* Work order: Your task is to copy every line of the records below that contains "Berichts".

[Stored items from a collection]

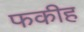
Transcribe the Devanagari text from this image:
फकीह
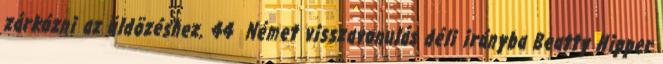
zárkózni az üldözéshez. 44 Német visszavonulás déli irányba Beatty Hipper
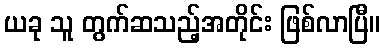
ယခု သူ တွက်ဆသည့်အတိုင်း ဖြစ်လာပြီ။
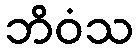
ဘိဝံသ
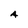
Character: A
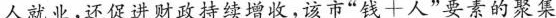
人就业，还促进财政持续增收，该市”钱十人”要素的聚集
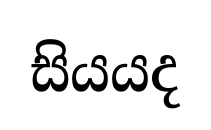
සියයද
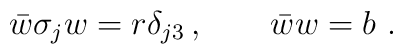
\bar w \sigma_j w = r \delta_{j3}  \, , \qquad \bar w w =b  \, \,.
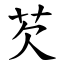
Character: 芡
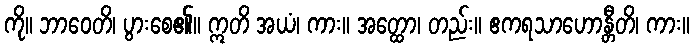
ကို။ ဘာဝေတိ၊ ပွားစေ၏။ ဣတိ အယံ၊ ကား။ အတ္ထော၊ တည်း။ ဧကရသာဟောန္တီတိ၊ ကား။
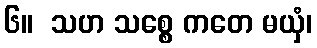
၆။  သဟ သစ္စေ ကတေ မယှံ၊
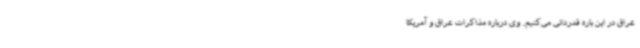
عراق در این باره قدردانی می‌کنیم. وی درباره مذاکرات عراق و آمریکا
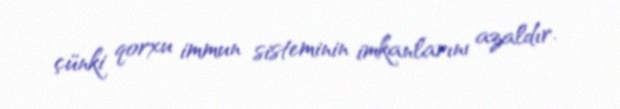
çünki qorxu immun sisteminin imkanlarını azaldır.
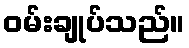
ဝမ်းချုပ်သည်။
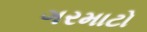
ગરમાટો
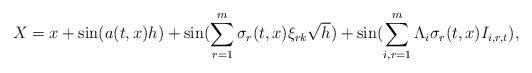
LaTeX: \begin{align*} X=x+\sin (a(t,x)h)+\sin(\sum_{r=1}^{m}\sigma_{r}(t,x)\xi_{rk}\sqrt{h}) +\sin(\sum_{i,r=1}^m\Lambda_i\sigma_r(t,x) I_{i,r,t}),\end{align*}
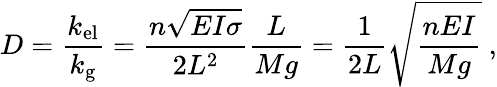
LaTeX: D=\frac{k_{\mathrm{el}}}{k_{\mathrm{g}}}=\frac{n\sqrt{EI\sigma}}{2L^{2}}\frac{L}{Mg}=\frac{1}{2L}\sqrt{\frac{nEI}{Mg}}~,
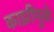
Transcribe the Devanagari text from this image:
काझींमुळे
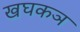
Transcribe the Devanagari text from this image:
खघकञ
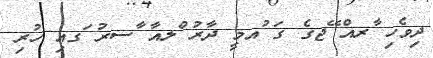
ދިވެހި ާރއް ޭޖގެ ގަ ުއމީ ދާރު ްލއާ ާސރު ަގއި ހުރި
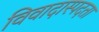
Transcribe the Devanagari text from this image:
विवादास्पदता
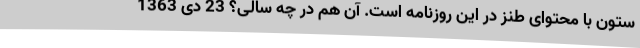
ستون با محتوای طنز در این روزنامه است. آن هم در چه سالی؟ 23 دی 1363
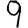
Digit: 9
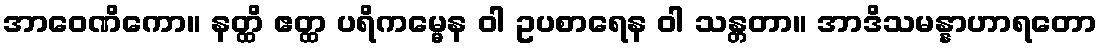
အာဝေဏိကော။ နတ္ထိ ဧတ္ထ ပရိကမ္မေန ဝါ ဥပစာရေန ဝါ သန္တတာ။ အာဒိသမန္နာဟာရတော
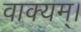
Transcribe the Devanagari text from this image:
वाक्यम्।
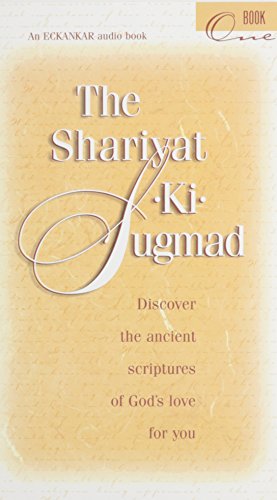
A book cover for The Shariyat-Ki-Sugmad; Paul Twitchell; Religion & Spirituality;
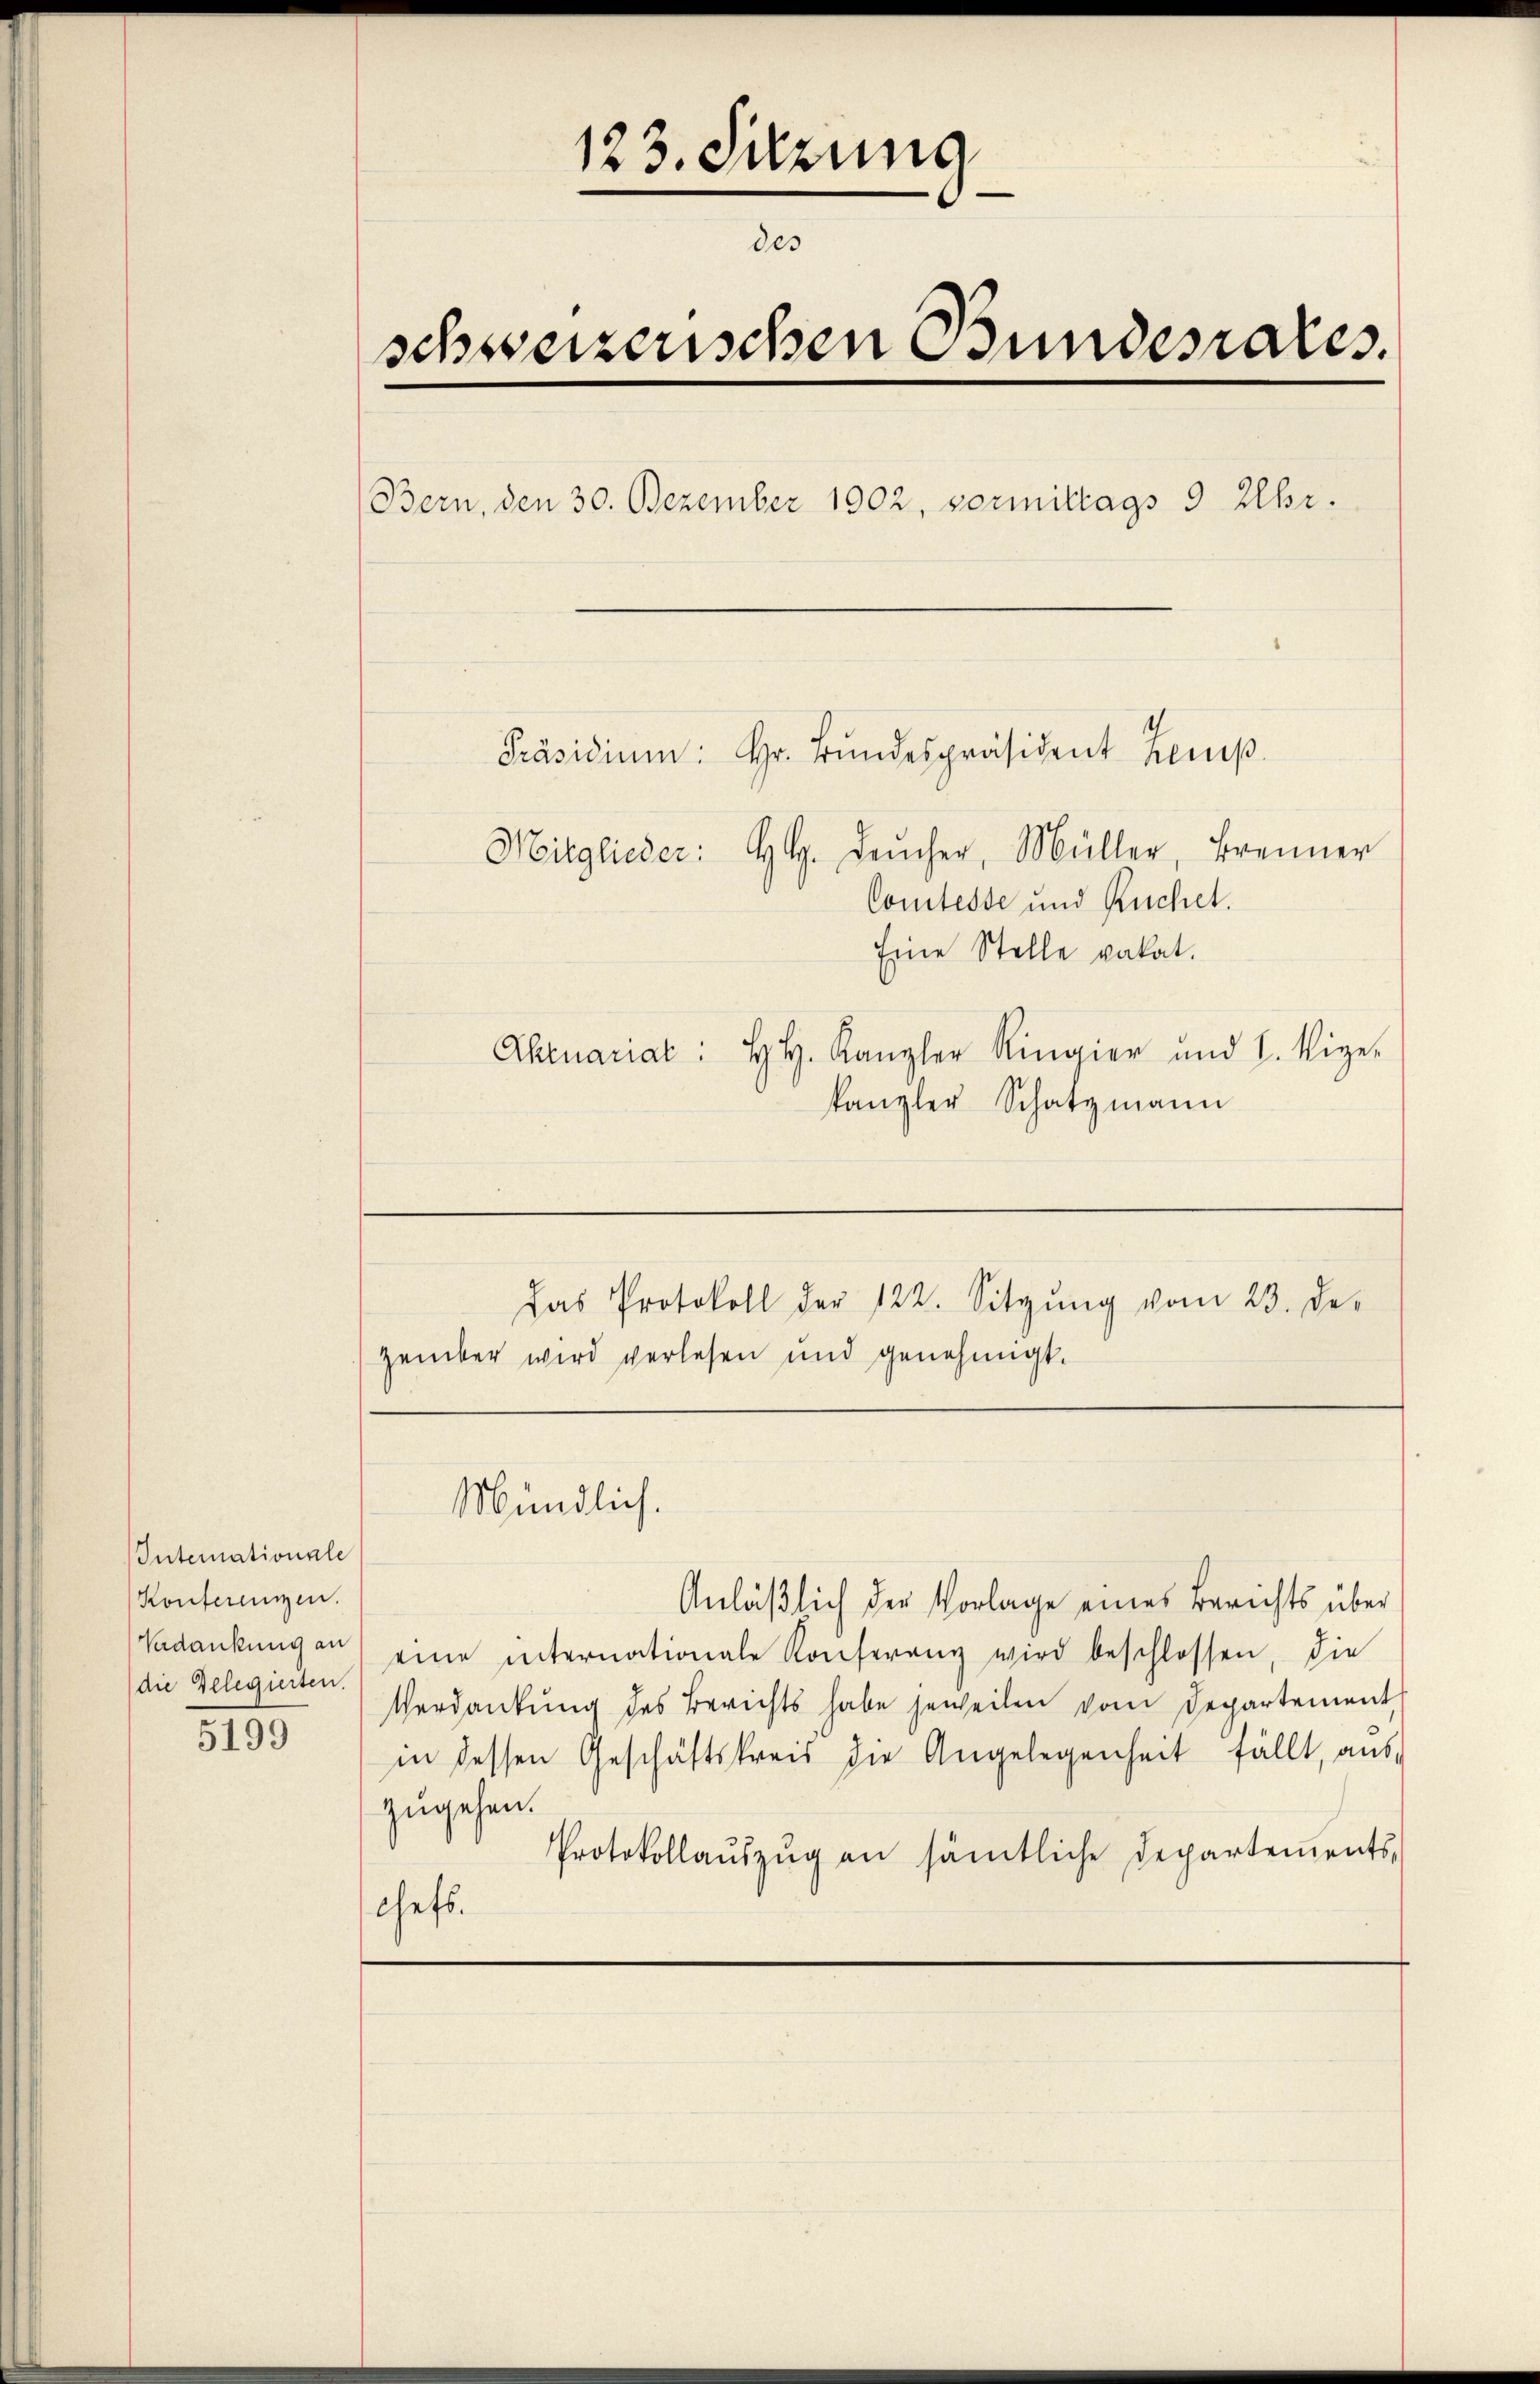
Internationale
Konferenzzen.
Verdankung an
die Gelegierten.
5199

123. Sitzung
des
schweizerischen Bundesrates.
Bern, den 30. Dezember 1902, vormittags 9 Uhr.

Präsidium: Hr. Bŭndespräsident Kemp
Mitglieder: Hl. Leŭcher, Müller, Brenner
Comtesse und Ruchet.
Eine Stelle vakat.
Abruariat: H. H. Kanzler Ringier und I. Rige-
kanzler Schatzmann

zember wird verlesen und genehmigt.

Mündlich.

Das Protokoll der 122. Sitzŭng vom 23. de

Anläβlich der Vorlage eines Berichts über
eine internationale Konferenz wird beschlossen, die
Verdankung des Berichts habe jeweilen vom Departement
in dessen Geschäftskreis die Angelegenheit fällt, auszugehen.
Protokollaŭszŭg an sämtliche Departements,
schaft.
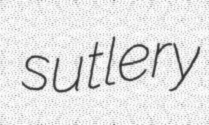
sutlery
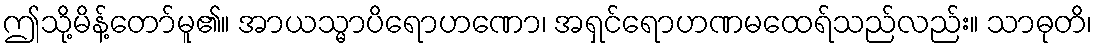
ဤသို့မိန့်တော်မူ၏။ အာယသ္မာပိရောဟဏော၊ အရှင်ရောဟဏမထေရ်သည်လည်း။ သာဓုတိ၊
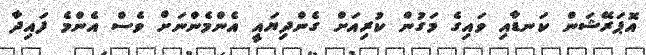
އޮޕަރޭޝަން ކަނޑާއި ވައިގެ މަގުން ކުރިއަށް ގެންދިޔައީ އެންމެންނަށް ވެސް އެންމެ ފައިދާ
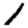
Digit: 1
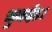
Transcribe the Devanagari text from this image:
भुजदंड।
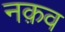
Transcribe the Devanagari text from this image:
नक़व
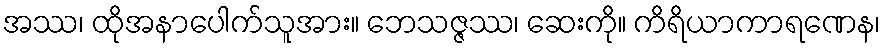
အဿ၊ ထိုအနာပေါက်သူအား။ ဘေသဇ္ဇဿ၊ ဆေးကို။ ကိရိယာကာရဏေန၊
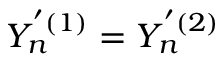
Y _ { n } ^ { ' ( 1 ) } = Y _ { n } ^ { ' ( 2 ) }
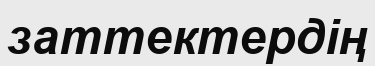
заттектердің
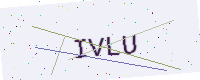
Text: IVLU
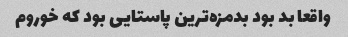
واقعا بد بود بدمزه‌ترین پاستایی بود که خوروم
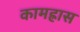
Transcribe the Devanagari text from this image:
कामह्रास
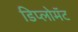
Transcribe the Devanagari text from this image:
डिप्लोमॅट
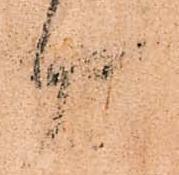
御
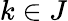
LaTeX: k\in J
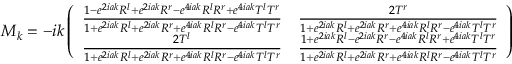
M _ { k } = - i k \left( \begin{array} { l l } { { { \frac { 1 - e ^ { 2 i a k } R ^ { l } + e ^ { 2 i a k } R ^ { r } - e ^ { 4 i a k } R ^ { l } R ^ { r } + e ^ { 4 i a k } T ^ { l } T ^ { r } } { 1 + e ^ { 2 i a k } R ^ { l } + e ^ { 2 i a k } R ^ { r } + e ^ { 4 i a k } R ^ { l } R ^ { r } - e ^ { 4 i a k } T ^ { l } T ^ { r } } } } } & { { { \frac { 2 T ^ { r } } { 1 + e ^ { 2 i a k } R ^ { l } + e ^ { 2 i a k } R ^ { r } + e ^ { 4 i a k } R ^ { l } R ^ { r } - e ^ { 4 i a k } T ^ { l } T ^ { r } } } } } \\ { { { \frac { 2 T ^ { l } } { 1 + e ^ { 2 i a k } R ^ { l } + e ^ { 2 i a k } R ^ { r } + e ^ { 4 i a k } R ^ { l } R ^ { r } - e ^ { 4 i a k } T ^ { l } T ^ { r } } } } } & { { { \frac { 1 + e ^ { 2 i a k } R ^ { l } - e ^ { 2 i a k } R ^ { r } - e ^ { 4 i a k } R ^ { l } R ^ { r } + e ^ { 4 i a k } T ^ { l } T ^ { r } } { 1 + e ^ { 2 i a k } R ^ { l } + e ^ { 2 i a k } R ^ { r } + e ^ { 4 i a k } R ^ { l } R ^ { r } - e ^ { 4 i a k } T ^ { l } T ^ { r } } } } } \end{array} \right)
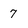
Character: 7
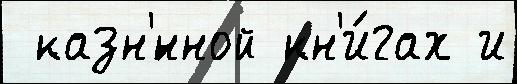
 казн'́нной кн'и́гах и

* Answer box:
Anläβlich der Vorlage eines Berichts über
Verdankung des Berichts habe jeweilen vom Departement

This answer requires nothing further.